Unnamed: 0,num_datesold,num_postcode,num_price_values,num_propertytype,num_bedrooms
0,3582,27,2554,2,6


In [None]:
# Unique values of column propertyType and bedrooms
%%sql
SELECT DISTINCT propertyType
FROM house_tb;

 * postgresql+psycopg2://@/postgres


Unnamed: 0,propertytype
0,unit
1,house


In [None]:
%%sql
SELECT DISTINCT bedrooms
FROM house_tb;

 * postgresql+psycopg2://@/postgres


Unnamed: 0,bedrooms
0,0
1,1
2,3
3,5
4,2
5,4


In [None]:
# Find rows containing 0 bedrooms
%%sql
SELECT *
FROM house_tb
WHERE bedrooms=0;

 * postgresql+psycopg2://@/postgres


Unnamed: 0,datesold,postcode,price,propertytype,bedrooms
0,2012-09-10,2913,415000,house,0
1,2013-02-02,2605,840000,house,0
2,2013-02-06,2604,490000,house,0
3,2013-05-07,2600,725000,house,0
4,2013-06-28,2606,630000,house,0
5,2013-07-18,2602,620000,house,0
6,2013-08-17,2617,543000,house,0
7,2014-12-03,2615,405000,house,0
8,2015-01-27,2906,525000,house,0
9,2015-01-31,2602,700000,house,0


### **Find number of null values (if any) for each column**

In [None]:
%%sql
SELECT
  (SELECT COUNT(*) FROM house_tb WHERE datesold IS NULL) as null_datesold,
  (SELECT COUNT(*) FROM house_tb WHERE postcode IS NULL) AS null_postcode,
  (SELECT COUNT(*) FROM house_tb WHERE price IS NULL) AS null_price,
  (SELECT COUNT(*) FROM house_tb WHERE propertyType IS NULL) AS null_propertyType,
  (SELECT COUNT(*) FROM house_tb WHERE bedrooms IS NULL) AS null_bedrooms
;

 * postgresql+psycopg2://@/postgres


Unnamed: 0,null_datesold,null_postcode,null_price,null_propertytype,null_bedrooms
0,0,0,0,0,0


### **Question 1 : Which date corresponds to the highest number of sales?**

In [None]:
%%sql
SELECT datesold, COUNT(1) as number_of_sales
FROM house_tb
GROUP BY datesold
ORDER BY number_of_sales DESC
LIMIT 5;

 * postgresql+psycopg2://@/postgres


Unnamed: 0,datesold,number_of_sales
0,2017-10-28,50
1,2017-11-18,39
2,2018-03-24,38
3,2017-04-08,37
4,2017-11-11,37


From the above result, it is understood that 28th Oct 201 had the highest number of property sales of 50 units.

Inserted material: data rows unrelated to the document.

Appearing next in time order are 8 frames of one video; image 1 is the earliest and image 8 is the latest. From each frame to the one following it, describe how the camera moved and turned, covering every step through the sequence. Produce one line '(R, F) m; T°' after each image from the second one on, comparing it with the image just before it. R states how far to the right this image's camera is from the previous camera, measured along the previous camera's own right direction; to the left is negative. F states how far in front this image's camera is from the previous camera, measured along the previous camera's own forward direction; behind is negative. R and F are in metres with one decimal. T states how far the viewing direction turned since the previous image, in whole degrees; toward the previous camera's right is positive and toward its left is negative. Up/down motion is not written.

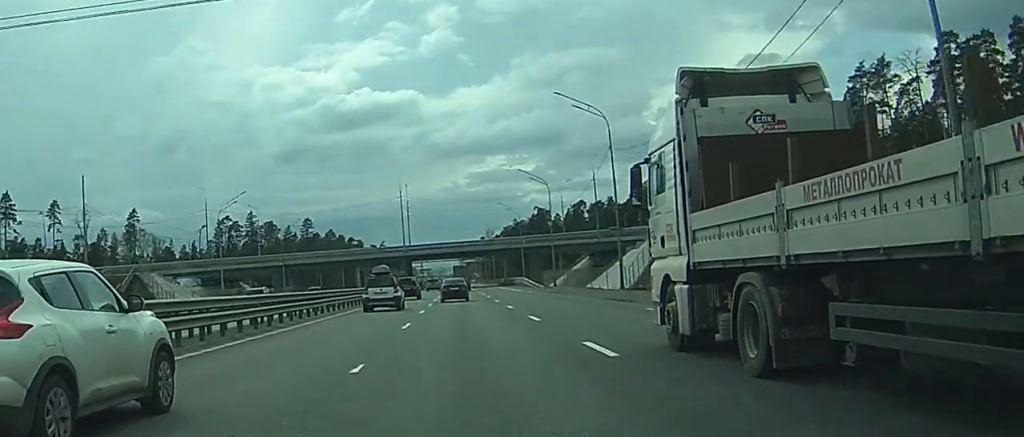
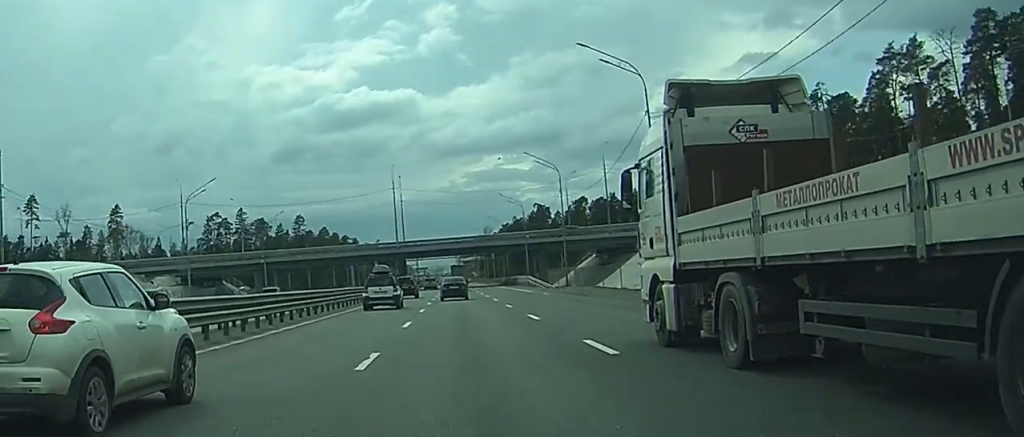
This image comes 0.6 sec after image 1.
(-0.1, +12.3) m; -1°
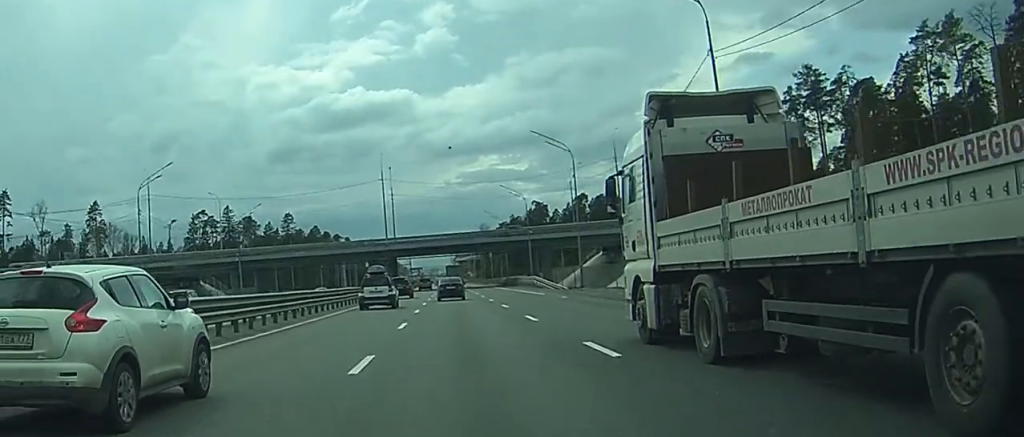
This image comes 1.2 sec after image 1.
(0.0, +13.3) m; 0°
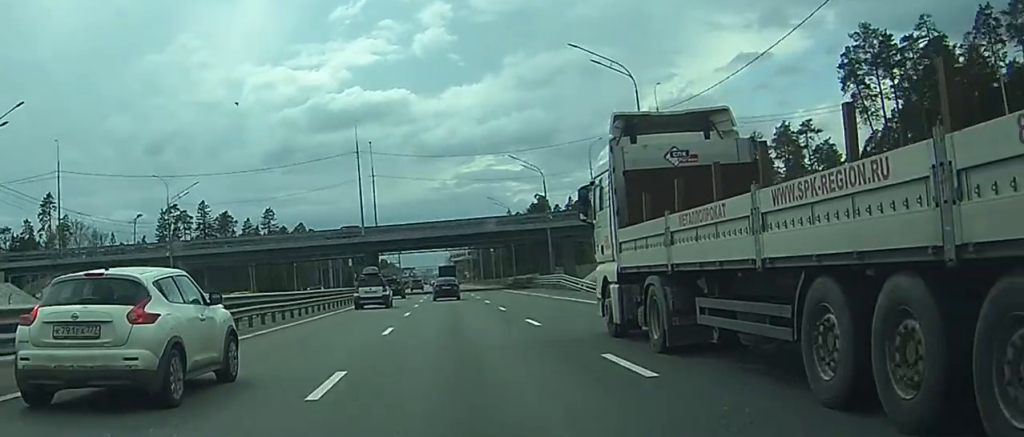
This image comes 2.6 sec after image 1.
(+0.3, +28.9) m; +1°
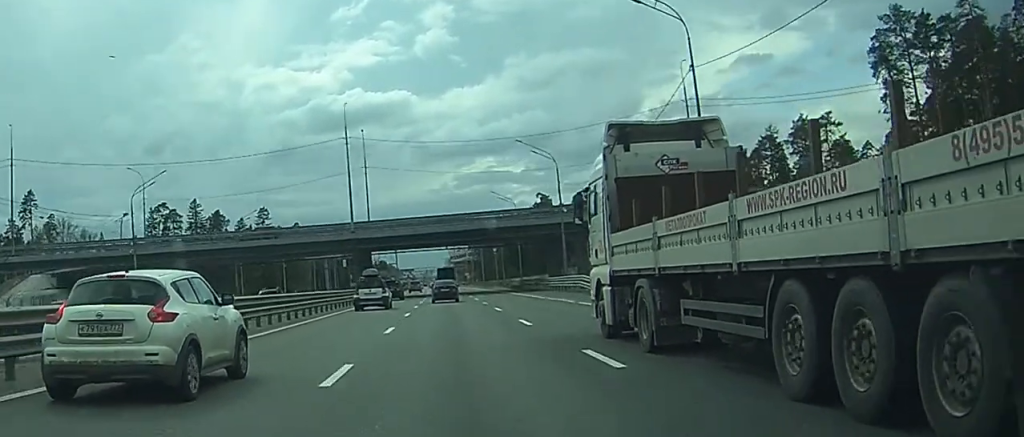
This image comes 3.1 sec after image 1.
(0.0, +11.2) m; 0°
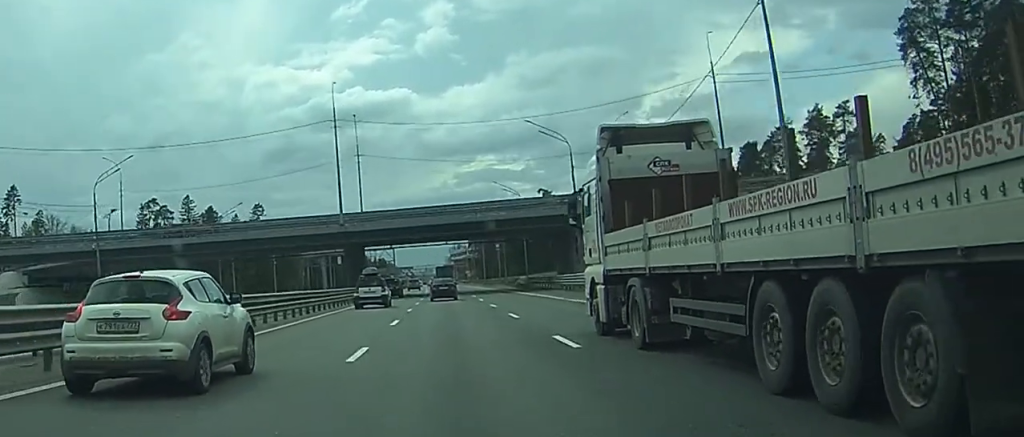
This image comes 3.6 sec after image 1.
(0.0, +9.1) m; 0°
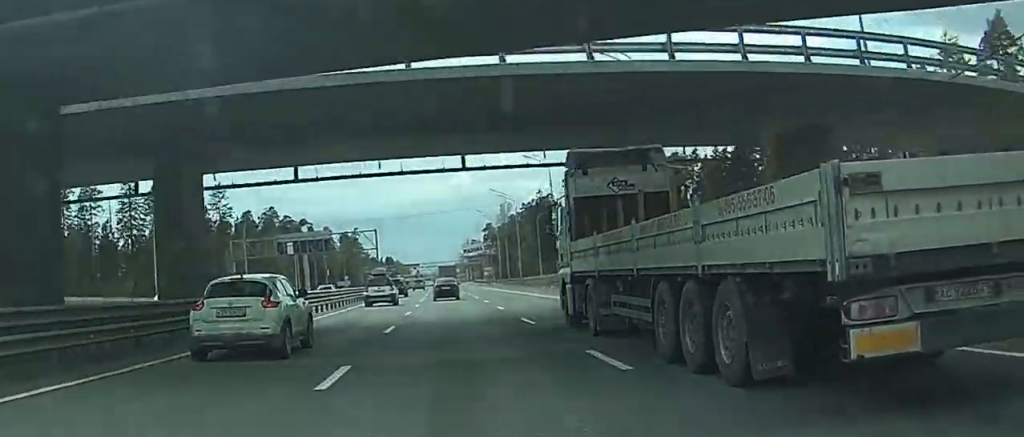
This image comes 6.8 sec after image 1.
(+0.3, +66.9) m; +1°
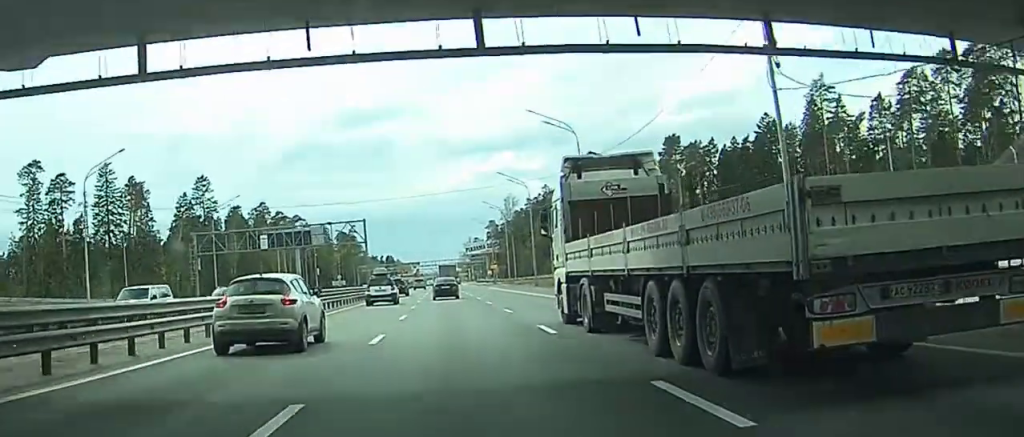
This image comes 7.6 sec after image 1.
(+0.3, +17.1) m; -1°

If we further want to know about the sales based on property type, then:

In [None]:
%%sql
SELECT datesold, propertyType, COUNT(1) as number_of_sales
FROM house_tb
WHERE datesold='2017-10-28'
GROUP BY datesold, propertyType;

 * postgresql+psycopg2://@/postgres


Unnamed: 0,datesold,propertytype,number_of_sales
0,2017-10-28,house,48
1,2017-10-28,unit,2


### **Question 2 : Find out the postcode with the highest average price per sale? (Using Aggregate Functions)**

In [None]:
%%sql
SELECT postcode, ROUND(AVG(price)) as avg_price_per_sale
FROM house_tb
GROUP BY postcode
ORDER BY avg_price_per_sale desc
LIMIT 1;

 * postgresql+psycopg2://@/postgres


Unnamed: 0,postcode,avg_price_per_sale
0,2618,1081111


### **Question 3 : Which year witnessed the lowest number of sales?**


In [None]:
%%sql
SELECT DATE_PART('YEAR', datesold) as sale_year, COUNT(1) as total_num_sale
FROM house_tb
GROUP BY sale_year
ORDER BY total_num_sale ASC;

 * postgresql+psycopg2://@/postgres


Unnamed: 0,sale_year,total_num_sale
0,2007.0,147
1,2008.0,639
2,2019.0,1385
3,2009.0,1426
4,2010.0,1555
5,2011.0,1633
6,2012.0,1858
7,2013.0,2119
8,2014.0,2863
9,2015.0,3648


From the above result, we can see that 2007 had the least number of sales.